◆ **Task brief**:
Leaving out the pictures, please retype each record exactly.

Dataset items

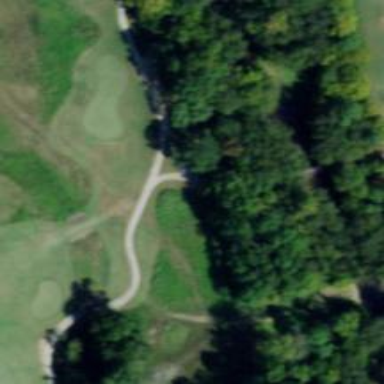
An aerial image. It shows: Footway that resembles golf path.
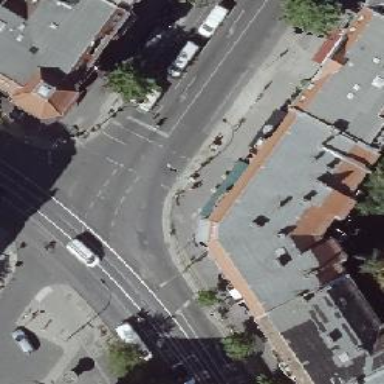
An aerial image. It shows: Pub.
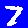
Digit: 7
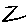
Label: zigzag
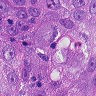
Metastatic tissue present: yes
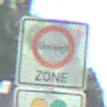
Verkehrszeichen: BeginnUmweltzone
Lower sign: FreistellungVomVerkehrsverbot2
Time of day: Midday
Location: Outdoor (Special)
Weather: PartlyCloudy
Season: NotSpecified
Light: Natural
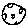
Label: moon
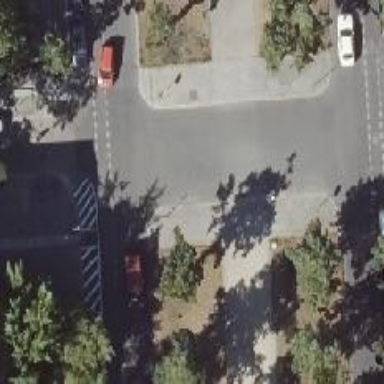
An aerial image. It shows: Unmarked crossing on footway.
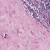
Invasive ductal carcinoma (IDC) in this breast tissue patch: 1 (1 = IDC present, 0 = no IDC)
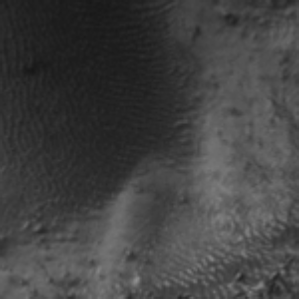
Label: frost
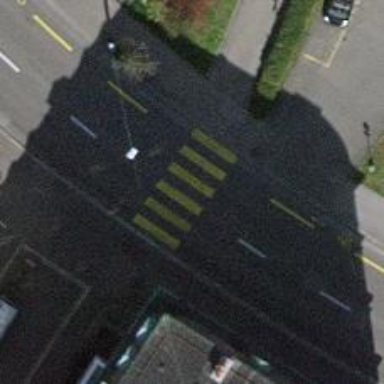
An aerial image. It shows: Uncontrolled road crossing.
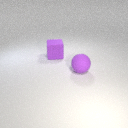
large purple rubber cube to the left of large purple rubber sphere
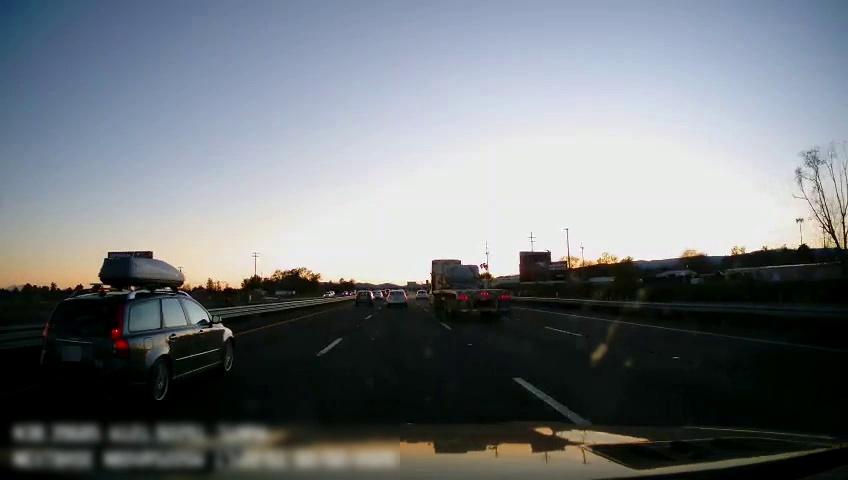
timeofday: Day
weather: Sunny
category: Drivable Space
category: Vehicles | Car
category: Vehicles | Car
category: Vehicles | Car
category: Vehicles | SUV
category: Vehicles | Car
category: Vehicles | Truck
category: Lanes | Current Lane
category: Lanes | Current Lane
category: Lanes | Alternate Lane
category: Lanes | Alternate Lane
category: Lanes | Alternate Lane
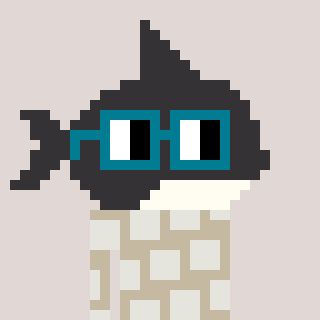
a pixel art character with square dark green glasses, a orca-shaped head and a bege-colored body on a warm background
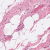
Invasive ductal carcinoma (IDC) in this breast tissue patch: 0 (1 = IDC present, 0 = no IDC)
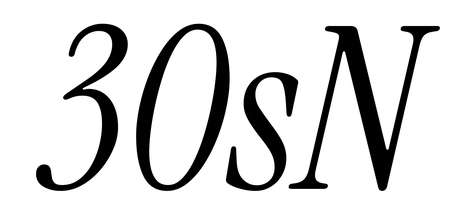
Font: InstrumentSerif-Italic
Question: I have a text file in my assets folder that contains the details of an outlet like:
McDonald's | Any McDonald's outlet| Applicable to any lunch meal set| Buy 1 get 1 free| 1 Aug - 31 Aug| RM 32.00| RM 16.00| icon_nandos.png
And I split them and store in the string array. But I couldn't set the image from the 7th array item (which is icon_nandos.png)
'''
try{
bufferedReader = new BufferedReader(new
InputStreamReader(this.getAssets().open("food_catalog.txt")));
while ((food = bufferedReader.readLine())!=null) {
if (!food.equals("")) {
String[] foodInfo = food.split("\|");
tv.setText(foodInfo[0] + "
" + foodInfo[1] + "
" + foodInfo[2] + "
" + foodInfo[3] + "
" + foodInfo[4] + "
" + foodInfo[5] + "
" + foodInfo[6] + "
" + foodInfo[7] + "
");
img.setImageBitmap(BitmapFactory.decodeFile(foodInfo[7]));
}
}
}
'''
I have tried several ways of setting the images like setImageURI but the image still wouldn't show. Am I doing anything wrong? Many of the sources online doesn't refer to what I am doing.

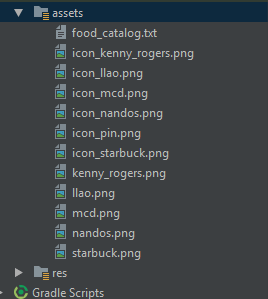
Answer: you need to open Image file also via 'getAssets()'.
Try as below
'''
InputStream inStream= getAssets().open(foodInfo[7]);
Drawable drw = Drawable.createFromStream(inStream, null);
img.setImageDrawable(drw);
inStream.close();
'''
> Assuming that your 'foodInfo[7]' gives you the name "icon_nandos.png"
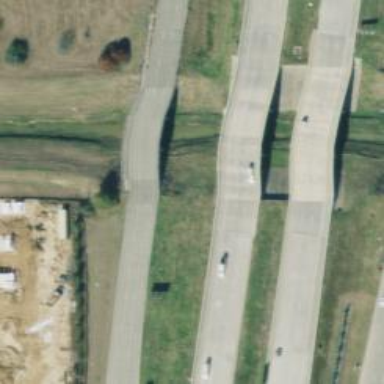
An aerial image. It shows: There is secondary road bridge with frontage road.
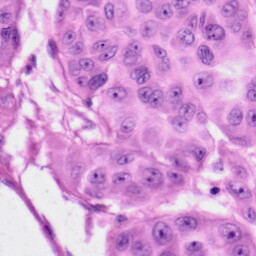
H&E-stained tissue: Skin
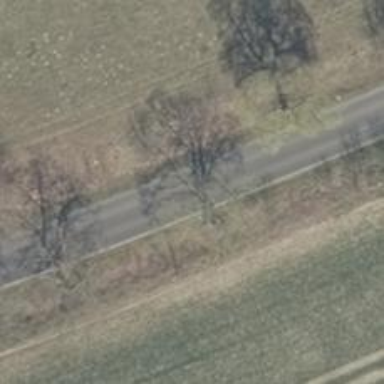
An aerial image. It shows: Tertiary road with asphalt surface.
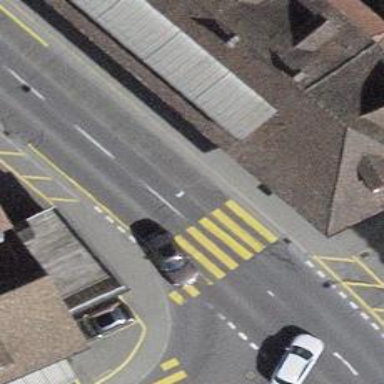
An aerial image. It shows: Uncontrolled zebra crossing with notable zebra markings.
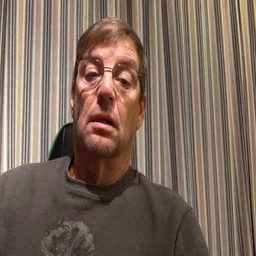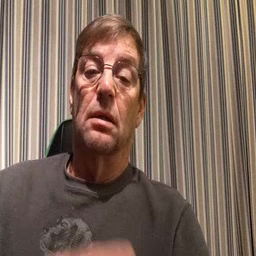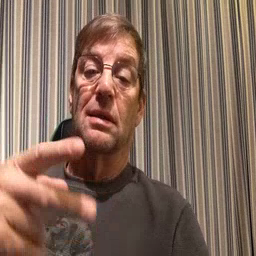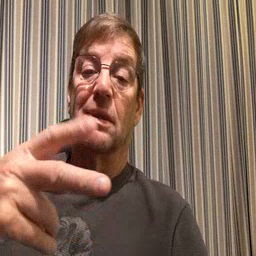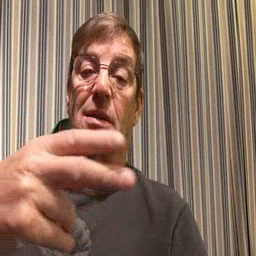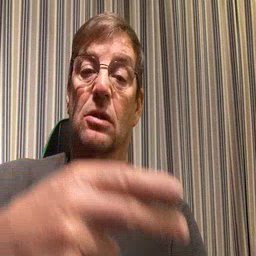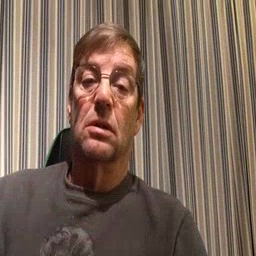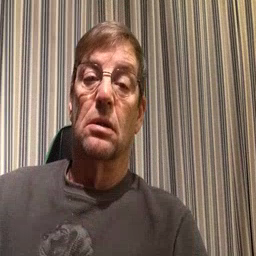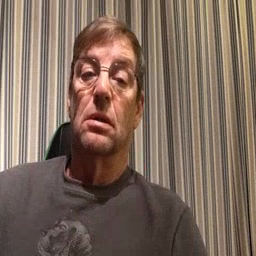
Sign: scissors

◆ **Response to this task**:
An aerial image. It shows: Footway that resembles golf path.
An aerial image. It shows: Pub.
Digit: 7
Label: zigzag
Metastatic tissue present: yes
Verkehrszeichen: BeginnUmweltzone
Lower sign: FreistellungVomVerkehrsverbot2
Time of day: Midday
Location: Outdoor (Special)
Weather: PartlyCloudy
Season: NotSpecified
Light: Natural
Label: moon
An aerial image. It shows: Unmarked crossing on footway.
Invasive ductal carcinoma (IDC) in this breast tissue patch: 1 (1 = IDC present, 0 = no IDC)
Label: frost
An aerial image. It shows: Uncontrolled road crossing.
large purple rubber cube to the left of large purple rubber sphere
timeofday: Day
weather: Sunny
category: Drivable Space
category: Vehicles | Car
category: Vehicles | Car
category: Vehicles | Car
category: Vehicles | SUV
category: Vehicles | Car
category: Vehicles | Truck
category: Lanes | Current Lane
category: Lanes | Current Lane
category: Lanes | Alternate Lane
category: Lanes | Alternate Lane
category: Lanes | Alternate Lane
a pixel art character with square dark green glasses, a orca-shaped head and a bege-colored body on a warm background
Invasive ductal carcinoma (IDC) in this breast tissue patch: 0 (1 = IDC present, 0 = no IDC)
Font: InstrumentSerif-Italic
Question: I have a text file in my assets folder that contains the details of an outlet like:
McDonald's | Any McDonald's outlet| Applicable to any lunch meal set| Buy 1 get 1 free| 1 Aug - 31 Aug| RM 32.00| RM 16.00| icon_nandos.png
And I split them and store in the string array. But I couldn't set the image from the 7th array item (which is icon_nandos.png)
'''
try{
bufferedReader = new BufferedReader(new
InputStreamReader(this.getAssets().open("food_catalog.txt")));
while ((food = bufferedReader.readLine())!=null) {
if (!food.equals("")) {
String[] foodInfo = food.split("\|");
tv.setText(foodInfo[0] + "
" + foodInfo[1] + "
" + foodInfo[2] + "
" + foodInfo[3] + "
" + foodInfo[4] + "
" + foodInfo[5] + "
" + foodInfo[6] + "
" + foodInfo[7] + "
");
img.setImageBitmap(BitmapFactory.decodeFile(foodInfo[7]));
}
}
}
'''
I have tried several ways of setting the images like setImageURI but the image still wouldn't show. Am I doing anything wrong? Many of the sources online doesn't refer to what I am doing.

Answer: you need to open Image file also via 'getAssets()'.
Try as below
'''
InputStream inStream= getAssets().open(foodInfo[7]);
Drawable drw = Drawable.createFromStream(inStream, null);
img.setImageDrawable(drw);
inStream.close();
'''
> Assuming that your 'foodInfo[7]' gives you the name "icon_nandos.png"
An aerial image. It shows: There is secondary road bridge with frontage road.
H&E-stained tissue: Skin
An aerial image. It shows: Tertiary road with asphalt surface.
An aerial image. It shows: Uncontrolled zebra crossing with notable zebra markings.
Sign: scissors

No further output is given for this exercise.